Read through the lines below for the string "cycad" and copy each one that has it.

*** Data section

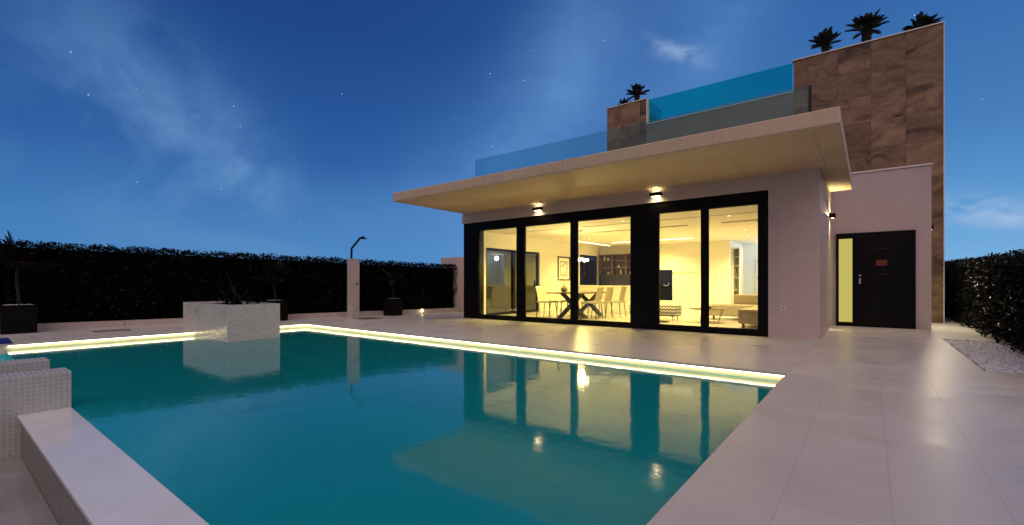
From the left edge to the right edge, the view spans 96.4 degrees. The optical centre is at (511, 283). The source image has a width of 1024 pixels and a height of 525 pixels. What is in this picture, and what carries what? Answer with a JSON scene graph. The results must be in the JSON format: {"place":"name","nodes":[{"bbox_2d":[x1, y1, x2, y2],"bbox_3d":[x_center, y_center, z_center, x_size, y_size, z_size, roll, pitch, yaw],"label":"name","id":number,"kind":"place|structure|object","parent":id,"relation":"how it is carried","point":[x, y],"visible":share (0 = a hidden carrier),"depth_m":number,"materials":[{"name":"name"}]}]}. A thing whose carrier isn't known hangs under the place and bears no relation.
{"place":"outdoors","nodes":[
{"label":"outdoors","id":0,"kind":"place"},
{"bbox_2d":[4,327,778,524],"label":"water","id":1,"kind":"structure","parent":0,"point":[303,426],"depth_m":3.56,"materials":[{"name":"teal liquid"}]},
{"bbox_2d":[0,312,1023,524],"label":"deck","id":2,"kind":"structure","parent":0,"point":[846,425],"depth_m":3.40,"materials":[{"name":"tile"}]},
{"bbox_2d":[0,338,12,343],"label":"folded cloth","id":3,"kind":"object","parent":2,"relation":"on","point":[5,341],"visible":1,"depth_m":7.63,"materials":[{"name":"blue fabric"}]},
{"bbox_2d":[0,304,37,334],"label":"plant pot","id":4,"kind":"object","parent":2,"relation":"on","point":[18,319],"visible":1,"depth_m":9.20,"materials":[{"name":"plastic"}]},
{"bbox_2d":[0,230,67,304],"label":"potted palm","id":5,"kind":"object","parent":4,"relation":"in","point":[13,261],"visible":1,"depth_m":9.33,"materials":[{"name":"green plant"}]},
{"bbox_2d":[0,354,209,524],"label":"pool basin","id":6,"kind":"object","parent":2,"relation":"in","point":[4,357],"depth_m":7.62,"materials":[{"name":"teal tile"}]},
{"bbox_2d":[0,455,58,524],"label":"deck","id":7,"kind":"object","parent":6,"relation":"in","point":[22,501],"depth_m":3.05,"materials":[{"name":"beige tile"}]},
{"bbox_2d":[17,407,208,524],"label":"infinity edge","id":8,"kind":"object","parent":6,"relation":"on","point":[82,470],"visible":1,"depth_m":2.68,"materials":[{"name":"stone"}]},
{"bbox_2d":[183,301,279,341],"bbox_3d":[-6.018,1.425,9.758,2.400,2.050,0.992,0,0,38],"label":"mosaic planter","id":9,"kind":"object","parent":6,"relation":"on","point":[243,321],"visible":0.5,"depth_m":9.09,"materials":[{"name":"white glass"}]},
{"bbox_2d":[190,276,261,304],"bbox_3d":[-5.865,0.220,9.533,1.418,0.776,1.191,0,0,-21],"label":"planter plant","id":10,"kind":"object","parent":9,"relation":"in","point":[237,298],"visible":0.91,"depth_m":9.58,"materials":[{"name":"green plant"}]},
{"bbox_2d":[0,325,782,380],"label":"pool rim","id":11,"kind":"object","parent":6,"relation":"on","point":[679,367],"visible":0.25,"depth_m":7.64,"materials":[{"name":"stone"}]},
{"bbox_2d":[13,325,297,345],"bbox_3d":[-6.832,1.037,9.642,0.030,0.012,5.083,0,0,38],"label":"led strip","id":12,"kind":"object","parent":11,"relation":"attached to","point":[113,338],"visible":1,"depth_m":8.57,"materials":[{"name":"white plastic"}]},
{"bbox_2d":[310,325,783,376],"bbox_3d":[-1.083,1.037,8.396,10.561,0.012,0.030,0,0,38],"label":"led strip","id":13,"kind":"object","parent":11,"relation":"attached to","point":[575,353],"visible":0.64,"depth_m":6.64,"materials":[{"name":"plastic"}]},
{"bbox_2d":[92,329,130,331],"bbox_3d":[-8.539,0.997,9.780,0.400,0.005,0.600,0,0,38],"label":"floor drain","id":14,"kind":"object","parent":2,"relation":"on","point":[112,330],"visible":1,"depth_m":9.79,"materials":[{"name":"grey metal"}]},
{"bbox_2d":[0,239,457,324],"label":"hedge","id":15,"kind":"object","parent":2,"relation":"on","point":[101,284],"visible":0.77,"depth_m":11.64,"materials":[{"name":"green plant"}]},
{"bbox_2d":[37,308,458,329],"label":"kerb","id":16,"kind":"structure","parent":2,"relation":"on","point":[68,325],"depth_m":11.21,"materials":[{"name":"beige stone"}]},
{"bbox_2d":[262,300,287,320],"bbox_3d":[-6.446,0.716,12.460,0.460,0.568,0.460,0,0,24],"label":"plant pot","id":17,"kind":"object","parent":2,"relation":"on","point":[283,310],"visible":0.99,"depth_m":12.41,"materials":[{"name":"plastic"}]},
{"bbox_2d":[246,260,300,299],"bbox_3d":[-6.589,-0.095,12.502,1.401,1.162,1.361,0,0,6],"label":"potted palm","id":18,"kind":"object","parent":17,"relation":"in","point":[274,273],"visible":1,"depth_m":12.35,"materials":[{"name":"green plant"}]},
{"bbox_2d":[347,236,366,317],"bbox_3d":[-4.587,-0.207,13.574,0.368,2.415,0.435,0,0,38],"label":"shower","id":19,"kind":"object","parent":2,"relation":"on","point":[352,288],"visible":0.98,"depth_m":13.45,"materials":[{"name":"tile"}]},
{"bbox_2d":[352,317,379,319],"bbox_3d":[-4.159,0.997,13.275,0.600,0.005,0.700,0,0,38],"label":"floor drain","id":20,"kind":"object","parent":2,"relation":"on","point":[367,318],"visible":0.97,"depth_m":13.19,"materials":[{"name":"grey metal"}]},
{"bbox_2d":[383,298,402,315],"bbox_3d":[-3.783,0.726,14.567,0.430,0.547,0.430,0,0,24],"label":"plant pot","id":21,"kind":"object","parent":2,"relation":"on","point":[392,307],"visible":0.99,"depth_m":14.41,"materials":[{"name":"plastic"}]},
{"bbox_2d":[376,269,405,298],"bbox_3d":[-3.850,0.009,14.566,0.964,0.990,0.867,0,0,-8],"label":"potted palm","id":22,"kind":"object","parent":21,"relation":"on","point":[390,281],"visible":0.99,"depth_m":14.53,"materials":[{"name":"green plant"}]},
{"bbox_2d":[441,257,463,311],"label":"boundary wall","id":23,"kind":"structure","parent":2,"relation":"on","point":[458,300],"depth_m":16.62,"materials":[{"name":"concrete"}]},
{"bbox_2d":[393,21,944,339],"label":"house","id":24,"kind":"structure","parent":2,"relation":"on","point":[755,192],"depth_m":10.81,"materials":[{"name":"paint"}]},
{"bbox_2d":[486,248,538,314],"bbox_3d":[0.048,-0.068,15.191,0.130,2.095,2.880,0,0,38],"label":"sliding door","id":25,"kind":"structure","parent":24,"relation":"in","point":[500,263],"depth_m":14.93,"materials":[{"name":"clear glass"}]},
{"bbox_2d":[533,206,542,210],"bbox_3d":[0.661,-1.935,11.793,0.240,0.097,0.120,0,0,38],"label":"wall lamp","id":26,"kind":"object","parent":24,"relation":"attached to","point":[539,208],"visible":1,"depth_m":11.74,"materials":[{"name":"black metal"}]},
{"bbox_2d":[536,286,557,316],"bbox_3d":[1.008,0.525,13.550,0.544,0.911,0.448,0,0,35],"label":"dining chair","id":27,"kind":"object","parent":24,"relation":"on","point":[540,294],"visible":0.95,"depth_m":13.57,"materials":[{"name":"beige fabric"}]},
{"bbox_2d":[548,286,569,315],"bbox_3d":[1.426,0.525,14.052,0.544,0.911,0.448,0,0,40],"label":"dining chair","id":28,"kind":"object","parent":24,"relation":"on","point":[553,296],"visible":0.71,"depth_m":14.17,"materials":[{"name":"beige fabric"}]},
{"bbox_2d":[558,256,569,279],"bbox_3d":[1.991,-0.590,17.543,0.034,0.900,0.860,0,0,38],"label":"picture","id":29,"kind":"object","parent":24,"relation":"attached to","point":[563,265],"visible":0.94,"depth_m":17.53,"materials":[{"name":"beige paper"}]},
{"bbox_2d":[546,291,605,317],"bbox_3d":[2.060,0.611,13.682,1.040,0.736,2.200,0,0,38],"label":"dining table","id":30,"kind":"object","parent":24,"relation":"on","point":[564,295],"visible":0.7,"depth_m":13.28,"materials":[{"name":"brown wood"}]},
{"bbox_2d":[557,271,569,291],"bbox_3d":[1.517,-0.099,13.443,0.442,0.681,0.372,0,0,-12],"label":"vase","id":31,"kind":"object","parent":30,"relation":"on","point":[564,288],"visible":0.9,"depth_m":13.41,"materials":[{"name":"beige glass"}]},
{"bbox_2d":[580,255,596,284],"bbox_3d":[3.156,-0.575,19.202,0.090,1.240,1.530,0,0,38],"label":"kitchen window","id":32,"kind":"structure","parent":24,"relation":"in","point":[588,269],"depth_m":19.19,"materials":[{"name":"black glass"}]},
{"bbox_2d":[580,286,603,318],"bbox_3d":[2.247,0.525,12.738,0.544,0.911,0.448,0,0,36],"label":"dining chair","id":33,"kind":"object","parent":24,"relation":"on","point":[598,296],"visible":1,"depth_m":12.60,"materials":[{"name":"beige fabric"}]},
{"bbox_2d":[591,286,613,318],"bbox_3d":[2.618,0.525,13.181,0.544,0.911,0.448,0,0,40],"label":"dining chair","id":34,"kind":"object","parent":24,"relation":"on","point":[608,294],"visible":0.84,"depth_m":13.01,"materials":[{"name":"beige fabric"}]},
{"bbox_2d":[464,190,767,336],"bbox_3d":[1.743,-0.387,11.138,7.952,2.770,0.120,0,0,38],"label":"window frame","id":35,"kind":"structure","parent":24,"relation":"in","point":[644,218],"depth_m":10.21,"materials":[{"name":"black metal"}]},
{"bbox_2d":[606,286,626,317],"bbox_3d":[3.117,0.525,13.658,0.544,0.911,0.448,0,0,35],"label":"dining chair","id":36,"kind":"object","parent":24,"relation":"on","point":[622,295],"visible":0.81,"depth_m":13.49,"materials":[{"name":"beige fabric"}]},
{"bbox_2d":[617,98,630,104],"bbox_3d":[4.471,-6.865,18.121,0.627,0.931,0.617,0,0,12],"label":"cycad","id":37,"kind":"object","parent":24,"relation":"on","point":[624,101],"visible":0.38,"depth_m":17.96,"materials":[{"name":"green plant"}]},
{"bbox_2d":[626,83,649,100],"bbox_3d":[4.837,-7.074,17.787,0.857,1.447,0.969,0,0,-30],"label":"cycad","id":38,"kind":"object","parent":24,"relation":"on","point":[636,92],"visible":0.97,"depth_m":17.68,"materials":[{"name":"green plant"}]},
{"bbox_2d":[649,191,661,196],"bbox_3d":[3.104,-1.935,9.885,0.240,0.097,0.120,0,0,38],"label":"wall lamp","id":39,"kind":"object","parent":24,"relation":"attached to","point":[655,194],"visible":1,"depth_m":9.83,"materials":[{"name":"black metal"}]},
{"bbox_2d":[629,305,681,320],"bbox_3d":[3.969,0.780,12.698,1.320,0.401,0.500,0,0,38],"label":"ottoman","id":40,"kind":"object","parent":24,"relation":"on","point":[672,311],"visible":0.52,"depth_m":12.25,"materials":[{"name":"fabric"}]},
{"bbox_2d":[660,270,672,322],"bbox_3d":[3.652,0.309,11.862,0.908,1.338,0.519,0,0,11],"label":"television","id":41,"kind":"object","parent":24,"relation":"on","point":[666,284],"visible":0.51,"depth_m":11.63,"materials":[{"name":"black plastic"}]},
{"bbox_2d":[689,308,725,322],"bbox_3d":[4.950,0.799,11.615,0.860,0.358,0.860,0,0,38],"label":"coffee table","id":42,"kind":"object","parent":24,"relation":"on","point":[697,309],"visible":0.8,"depth_m":11.56,"materials":[{"name":"brown wood"}]},
{"bbox_2d":[709,294,757,327],"bbox_3d":[6.006,0.539,11.488,2.760,0.879,3.300,0,0,38],"label":"sofa","id":43,"kind":"object","parent":24,"relation":"on","point":[743,308],"visible":0.29,"depth_m":12.34,"materials":[{"name":"beige fabric"}]},
{"bbox_2d":[756,255,757,294],"bbox_3d":[10.002,-0.085,17.877,0.850,2.130,0.090,0,0,38],"label":"hall door","id":44,"kind":"structure","parent":24,"relation":"in","point":[756,255],"depth_m":18.09,"materials":[{"name":"white paint"}]},
{"bbox_2d":[808,26,840,52],"bbox_3d":[9.625,-7.075,14.083,0.866,1.551,0.975,0,0,38],"label":"cycad","id":45,"kind":"object","parent":24,"relation":"on","point":[824,39],"visible":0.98,"depth_m":13.95,"materials":[{"name":"green plant"}]},
{"bbox_2d":[829,213,835,218],"bbox_3d":[7.052,-1.497,10.074,0.110,0.106,0.100,0,0,38],"label":"wall lamp","id":46,"kind":"object","parent":24,"relation":"attached to","point":[832,215],"visible":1,"depth_m":10.03,"materials":[{"name":"black metal"}]},
{"bbox_2d":[844,9,889,41],"bbox_3d":[10.378,-7.128,13.404,1.107,1.656,1.047,0,0,38],"label":"cycad","id":47,"kind":"object","parent":24,"relation":"on","point":[865,24],"visible":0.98,"depth_m":13.34,"materials":[{"name":"green plant"}]},
{"bbox_2d":[836,230,915,328],"bbox_3d":[8.343,-0.100,10.548,1.440,2.200,0.097,0,0,38],"label":"front door","id":48,"kind":"structure","parent":24,"relation":"in","point":[876,271],"depth_m":10.52,"materials":[{"name":"black metal"}]},
{"bbox_2d":[902,11,943,30],"bbox_3d":[11.378,-6.899,12.715,0.940,1.199,0.861,0,0,-29],"label":"cycad","id":49,"kind":"object","parent":24,"relation":"on","point":[922,19],"visible":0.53,"depth_m":12.56,"materials":[{"name":"green plant"}]},
{"bbox_2d":[945,249,1023,354],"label":"hedge","id":50,"kind":"object","parent":2,"relation":"on","point":[984,294],"visible":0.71,"depth_m":8.42,"materials":[{"name":"green plant"}]},
{"bbox_2d":[945,339,1023,373],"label":"pebbles","id":51,"kind":"object","parent":2,"relation":"on","point":[991,356],"visible":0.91,"depth_m":6.47,"materials":[{"name":"white gravel"}]},
{"bbox_2d":[0,0,1023,266],"label":"sky","id":52,"kind":"structure","parent":0,"point":[293,128],"materials":[{"name":"blue"}]},
{"bbox_2d":[579,286,629,313],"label":"kitchen island","id":53,"kind":"structure","parent":0,"point":[615,296],"depth_m":15.33,"materials":[{"name":"white paint"}]},
{"label":"ground","id":54,"kind":"structure","parent":0,"visible":0},
{"bbox_2d":[0,357,49,373],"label":"mosaic block","id":55,"kind":"structure","parent":54,"relation":"on","point":[22,365],"depth_m":4.62,"materials":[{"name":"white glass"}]},
{"bbox_2d":[0,367,71,458],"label":"mosaic block","id":56,"kind":"structure","parent":54,"relation":"on","point":[28,392],"depth_m":3.86,"materials":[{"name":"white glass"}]}
]}

******

Problem solution:
{"bbox_2d":[617,98,630,104],"bbox_3d":[4.471,-6.865,18.121,0.627,0.931,0.617,0,0,12],"label":"cycad","id":37,"kind":"object","parent":24,"relation":"on","point":[624,101],"visible":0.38,"depth_m":17.96,"materials":[{"name":"green plant"}]},
{"bbox_2d":[626,83,649,100],"bbox_3d":[4.837,-7.074,17.787,0.857,1.447,0.969,0,0,-30],"label":"cycad","id":38,"kind":"object","parent":24,"relation":"on","point":[636,92],"visible":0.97,"depth_m":17.68,"materials":[{"name":"green plant"}]},
{"bbox_2d":[808,26,840,52],"bbox_3d":[9.625,-7.075,14.083,0.866,1.551,0.975,0,0,38],"label":"cycad","id":45,"kind":"object","parent":24,"relation":"on","point":[824,39],"visible":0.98,"depth_m":13.95,"materials":[{"name":"green plant"}]},
{"bbox_2d":[844,9,889,41],"bbox_3d":[10.378,-7.128,13.404,1.107,1.656,1.047,0,0,38],"label":"cycad","id":47,"kind":"object","parent":24,"relation":"on","point":[865,24],"visible":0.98,"depth_m":13.34,"materials":[{"name":"green plant"}]},
{"bbox_2d":[902,11,943,30],"bbox_3d":[11.378,-6.899,12.715,0.940,1.199,0.861,0,0,-29],"label":"cycad","id":49,"kind":"object","parent":24,"relation":"on","point":[922,19],"visible":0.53,"depth_m":12.56,"materials":[{"name":"green plant"}]},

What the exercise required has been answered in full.